Explanation: When a client closes a streaming connection, the server-side OpenAI request continues until completion. You pay for tokens the user never received. Fix: Propagate AbortController signals. Listen for req.signal.aborted and cancel the upstream SDK call immediately.

6. Single-Window Throttling

Explanation: One limit cannot handle both burst protection and daily budgeting. A tight window blocks legitimate power users; a loose window allows financial bleed. Fix: Implement tiered limits. IP-level handles anonymous noise, user-level handles authenticated abuse, global-level enforces hard budget ceilings.

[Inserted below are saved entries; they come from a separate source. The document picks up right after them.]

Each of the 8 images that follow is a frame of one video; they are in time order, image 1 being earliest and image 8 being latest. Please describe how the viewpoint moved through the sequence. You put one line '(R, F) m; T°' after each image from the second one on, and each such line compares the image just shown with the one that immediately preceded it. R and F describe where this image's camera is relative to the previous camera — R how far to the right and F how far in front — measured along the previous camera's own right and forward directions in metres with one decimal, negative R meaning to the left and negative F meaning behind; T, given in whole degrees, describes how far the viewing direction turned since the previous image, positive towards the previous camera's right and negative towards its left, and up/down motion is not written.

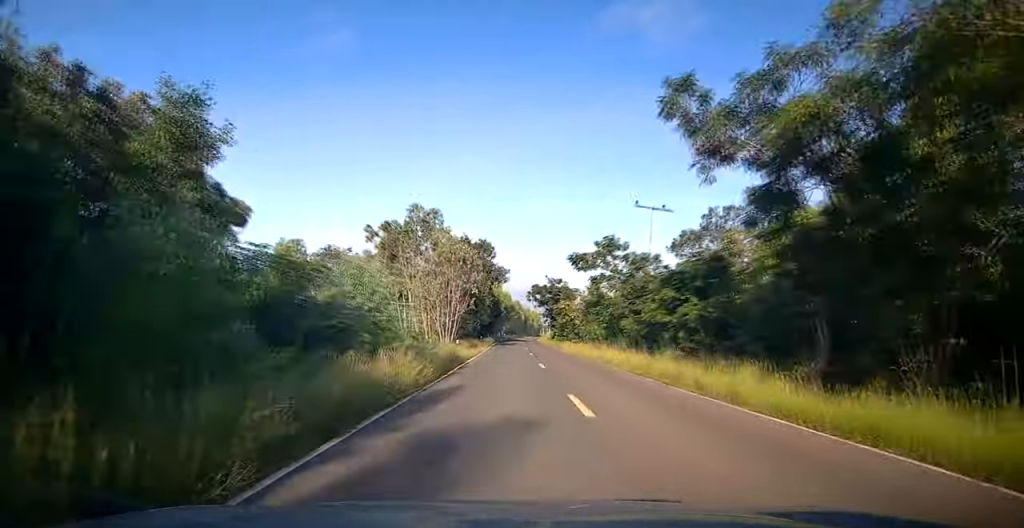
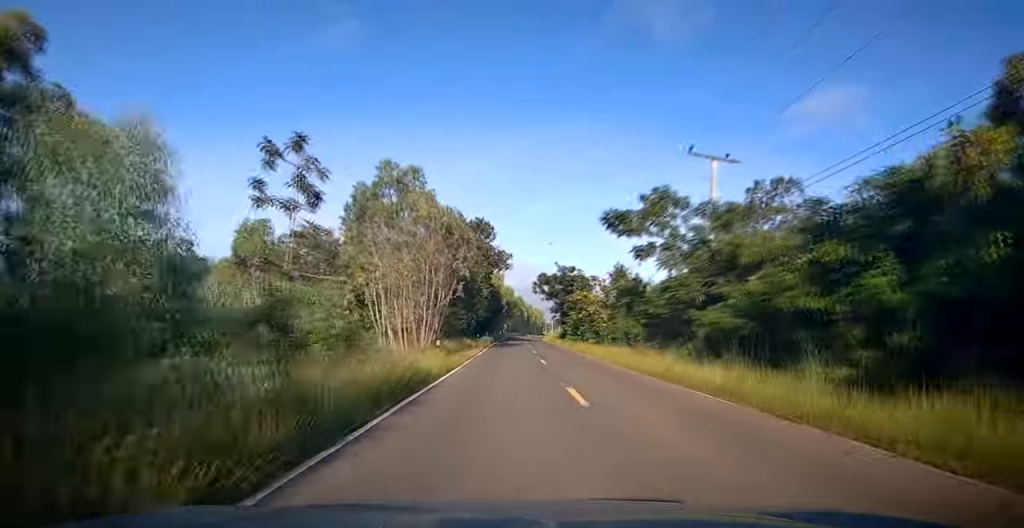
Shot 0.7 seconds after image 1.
(0.0, +10.7) m; -1°
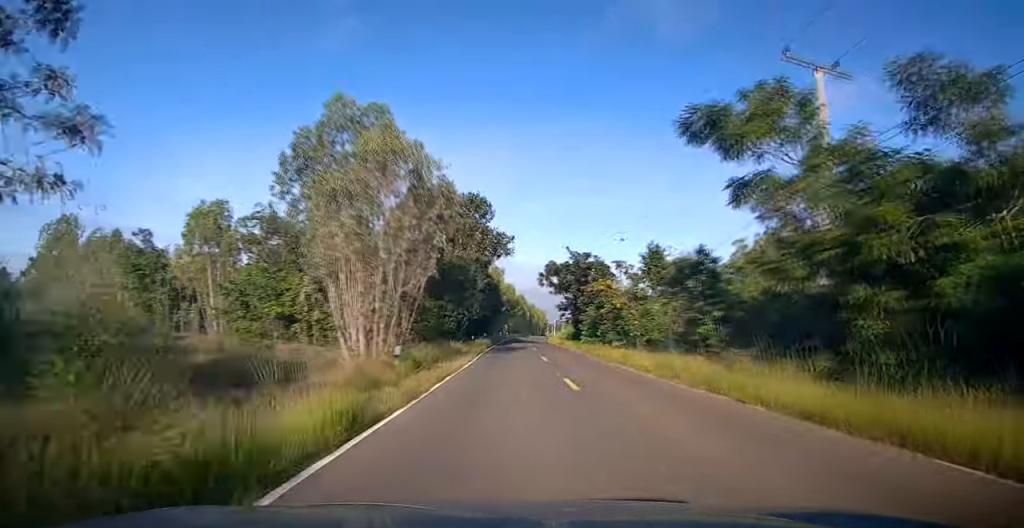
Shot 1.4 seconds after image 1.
(-0.1, +9.8) m; -1°
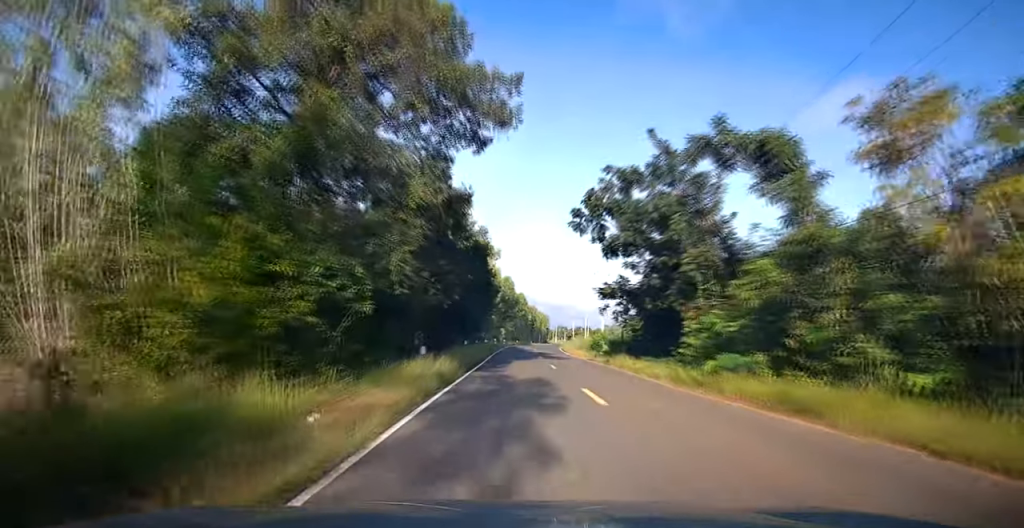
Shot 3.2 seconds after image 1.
(0.0, +26.3) m; +1°
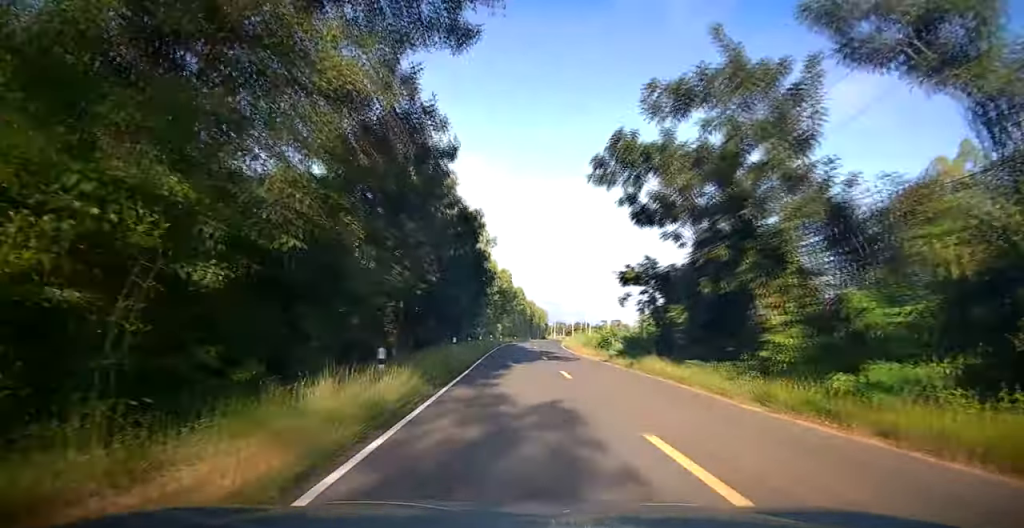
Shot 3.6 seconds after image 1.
(0.0, +6.3) m; 0°
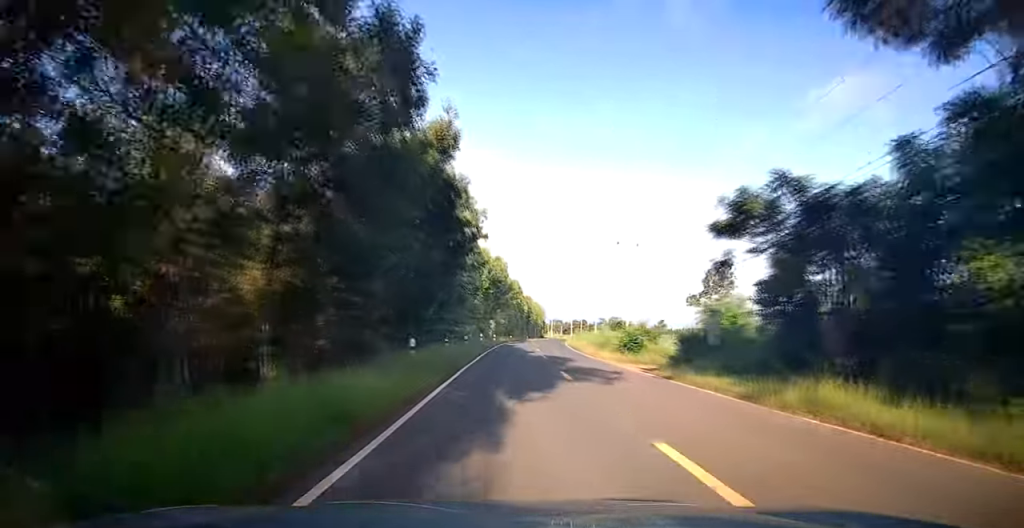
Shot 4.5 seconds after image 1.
(0.0, +12.5) m; 0°
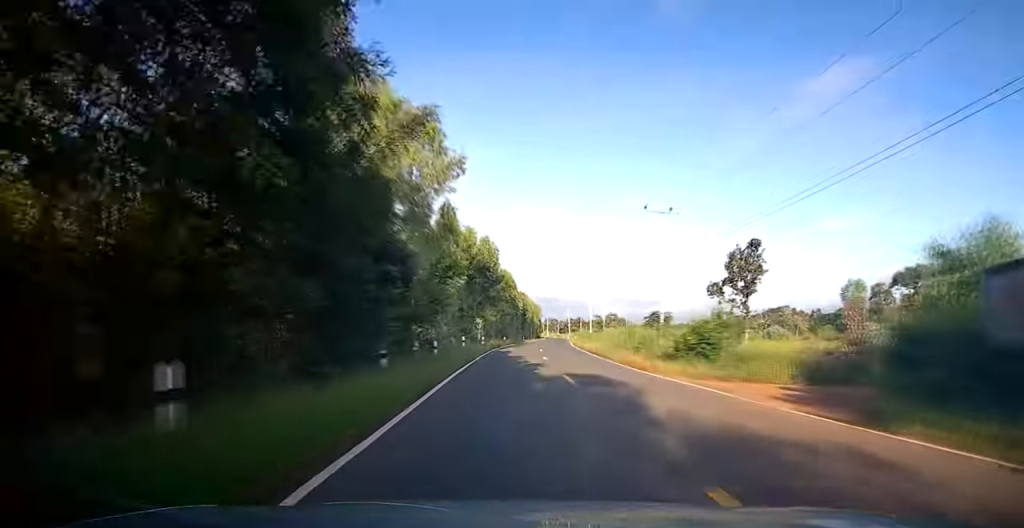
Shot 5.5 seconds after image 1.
(0.0, +13.9) m; 0°
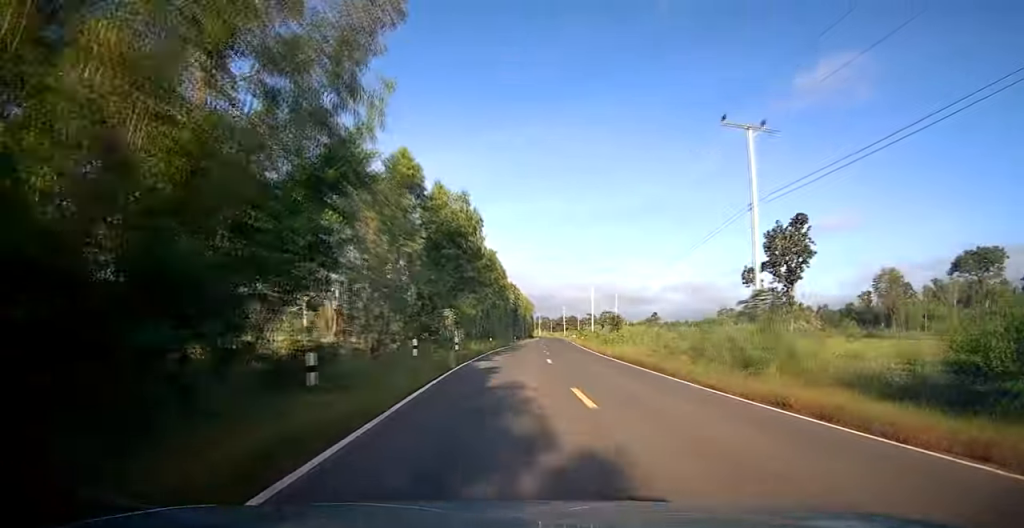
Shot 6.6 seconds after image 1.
(+0.1, +16.2) m; +1°

7. Missing Response Token Boundaries

Explanation: Omitting max_tokens allows the model to generate until context limits. A single request can consume 4,000+ output tokens, multiplying costs unpredictably. Fix: Always specify max_tokens. Align the value with your UI constraints and cost model. Use streaming with client-side cancellation for long-form generation.

Production Bundle

Action Checklist

• Audit all AI endpoints for missing throttle logic, auth checks, and token caps
• Provision a distributed KV store (Upstash Redis, Vercel KV, or equivalent)
• Implement sliding window limits for anonymous IP traffic
• Add fixed window quotas for authenticated user accounts
• Configure a global daily spend cap with 503 fallback behavior
• Enforce prompt.length validation and max_tokens on every SDK call
• Return strict 429/503 status codes with Retry-After headers
• Wire provider dashboard alerts for daily usage thresholds
• Test streaming endpoints with AbortController propagation
• Run load simulation against staging to verify limit enforcement

Decision Matrix

Scenario	Recommended Approach	Why	Cost Impact
Prototype / Internal Tool	Single IP sliding window (10 req/min)	Fastest implementation, prevents accidental loops	Low
Public SaaS (Free Tier)	IP throttle + per-user daily quota (50 req/day)	Balances UX with budget predictability	Medium
Enterprise / High-Traffic	Layered architecture + global cap + streaming aborts	Deterministic cost boundaries, abuse-resistant	High (infrastructure)
Budget-Constrained Startup	Global cap first, then IP throttle	Prevents catastrophic bills, sacrifices some UX	Low

Configuration Template

# .env.local
UPSTASH_REDIS_REST_URL=https://your-region.upstash.io
UPSTASH_REDIS_REST_TOKEN=your-rest-token
OPENAI_API_KEY=sk-proj-xxxxxxxxxxxx

# Optional: Provider alerting webhook
ALERT_WEBHOOK_URL=https://hooks.slack.com/services/xxxxx
DAILY_BUDGET_CAP=50.00

// lib/ratelimit-config.ts
export const THROTTLE_PROFILES = {
  anonymous: { window: "60 s", max: 8 },
  authenticated: { window: "1 d", max: 150 },
  global: { window: "1 d", max: 5000 },
} as const;

export const TOKEN_BOUNDS = {
  maxPromptChars: 3000,
  maxResponseTokens: 1024,
  temperature: 0.7,
} as const;

Quick Start Guide

1. Initialize Redis: Create a free Upstash database in the same region as your deployment. Copy the REST URL and token into your environment variables.
2. Install Dependencies: Run npm install @upstash/ratelimit @upstash/redis openai.
3. Deploy Guard Module: Copy the AICostGuard class into your project. Adjust window sizes and token bounds to match your budget model.
4. Wrap Endpoints: Replace direct SDK calls with the guard evaluation pattern. Ensure 429/503 responses include proper headers.
5. Verify Enforcement: Execute a rapid request loop against your staging endpoint. Confirm that requests transition from 200 to 429 after the configured threshold, and that provider dashboards show bounded usage.